One guy never failed to greet me with, “I’ll tell you how to get rid of that spare tire. Push yourself away from the table.” At other times, his admonition was, “Stay away from the beer.” Thanks, I’ll cut back from the four beers I have each year to two. Okay, one.

I always felt relief each time I got in and out of the locker room without seeing Mr. Goodyear Tire and Rubber Company… or his evil twin, Mr. I Used To Be Fat Like You.

Chris Powell, the subject of our cover story, experienced his share of snide remarks before he changed his lifestyle and his body. Every overweight person has.

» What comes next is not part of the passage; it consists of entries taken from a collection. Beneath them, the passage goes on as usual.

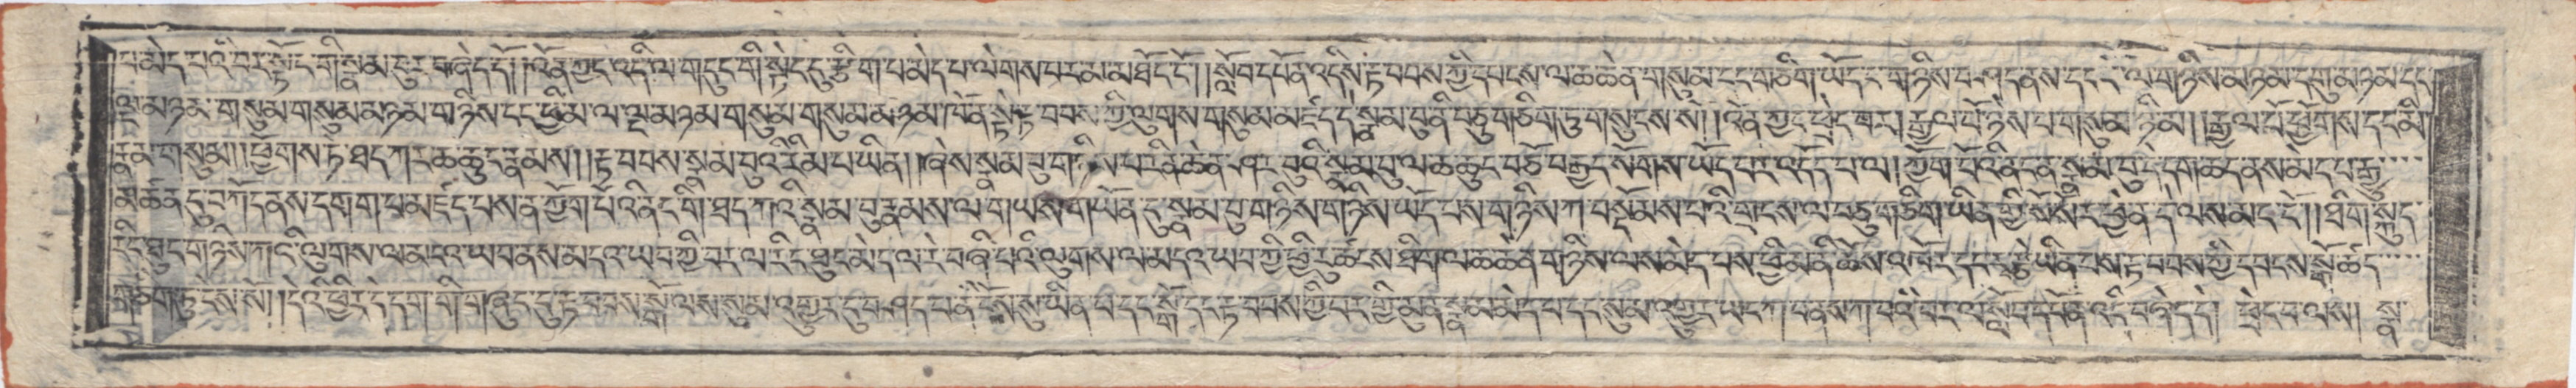པ་མེད་པའི་བར་སྟོང་གི་སྣམ་བུར་བཞེད་དོ། །འོན་ཀྱང་འདི་ལ་གདུང་གི་སྟེང་དུ་རྩིག་པ་མེད་པ་ལེགས་པར་མ་མཐོང་ངོ། །སློབ་དཔོན་འདིས་རྟ་བབས་ཀྱི་དཔངས་ལ་ཆ་ཆེན་གསུམ་དང་གཅིག་ཡོད་པ་གཉིས་བཤད་ནས་དང་པོ་ལ་གཉིས་མཉམ་དགུ་མཉམ་དང་
ལྔ་མཉམ་གསུམ་གསུམ་མཉམ་གཉིས་དང་ཕྱི་མ་ལ་ལྔ་མཉམ་གསུམ་གསུམ་མཉམ་ཁོ་ན་སྟེ་རྟ་བབས་ཀྱི་ལུགས་གསུམ་མཛད་དེ་སྣམ་བུ་ནི་བཅུ་གཅིག་ཏུ་གསུངས་སོ། །འོན་ཀྱང་ཕྲེང་བར། རྒྱལ་པོ་ཉེས་པ་གསུམ་ཉི་མ། །རྒྱལ་པོ་ཕྱོགས་དང་མི་
རྣམ་གསུམ། །ཕྱོགས་ཏེ་ཐད་ཀར་ཆ་ཆུང་རྣམས། །རྟ་བབས་སྣམ་བུའི་རིམ་པ་ཡིན། །ཞེས་སྣམ་བུ་གཉིས་པ་རིན་ཆེན་ཤར་བུའི་སྣམ་བུ་ལ་ཆ་ཆུང་བཅོ་བརྒྱད་སོགས་ཡོད་པར་འདོད་པ་ལ། ཀྱོག་པོའི་ནང་ན་སྣམ་བུ་དེ་དག་ཆད་ནས་མེད་པ་རྒྱུ་
མཚན་དུ་བཀོད་ནས་དགག་པ་མཛད་པས་ན་ཀྱོག་པོའི་ནང་གི་ཐད་ཀའི་སྣམ་བུ་རྣམས་ལ་གཡས་གཡོན་དུ་སྣམ་བུ་གཉིས་གཉིས་ཡོད་པས་གཉིས་ཀ་བསྡོམས་པའི་གྲངས་ལ་བཅུ་གཅིག་ཡིན་གྱི་སོ་སོར་ཕྱེ་ན་དེ་ལས་མང་ངོ། །ཐིག་སྐུད་
རིང་ཐུང་གཉིས་ཀའི་ལུགས་ལ་མངའ་ཡབ་ནས་མདའ་ཡབ་ཀྱི་བར་ལ་རིང་ཐུང་མེད་ལ་རེ་བཞི་པའི་ལུགས་ལ་མདའ་ཡབ་ཀྱི་ཕྱི་རུ་ཚངས་ཐིག་ལ་ཆ་ཆེན་གཉིས་ལས་མེད་པས་ཕྱི་མ་ནི་ཆོས་འཁོར་དང་རྭ་རྩེ་ཡིན་པས་རྟ་བབས་ཀྱི་དབངས་སྒོ་ཚད་
གཅིག་ཏུ་ངེས་སོ། །དེའི་ཕྱིར་དེ་དག་གི་གཞུང་དུ་རྟ་བབས་སྒོ་ལས་སུམ་འགྱུར་དུ་བཤད་པ་ནི་ངོས་སུ་ཡིན་པ་དང་སྒོ་དང་རྟ་བབས་ཀྱི་བར་གྱི་མུན་སྣམ་མེད་པ་དང་སུམ་འགྱུར་ཡང་ཀ་བ་ནས་ཀ་བའི་བར་ལ་སློབ་དཔོན་འདི་བཞེད་དེ། ཕྲེང་བ་ལས། སྣ་

We’re proud to present our exclusive interview with Chris. He understands that truly caring about people and treating them with respect is essential for success in the war against fat.

For all of you who haven’t figured out how to best help your overweight “friends,” I suggest you carefully read and ponder Chris Powell’s words.

Meanwhile, I’ll keep trying to lose weight — not because I want your approval, but because I want to be healthy and happy.

You see, this may come as a surprise to you, but I don’t really want to be like you. Sure, I’d like to have your lean, ripped body… but you can keep your tongue.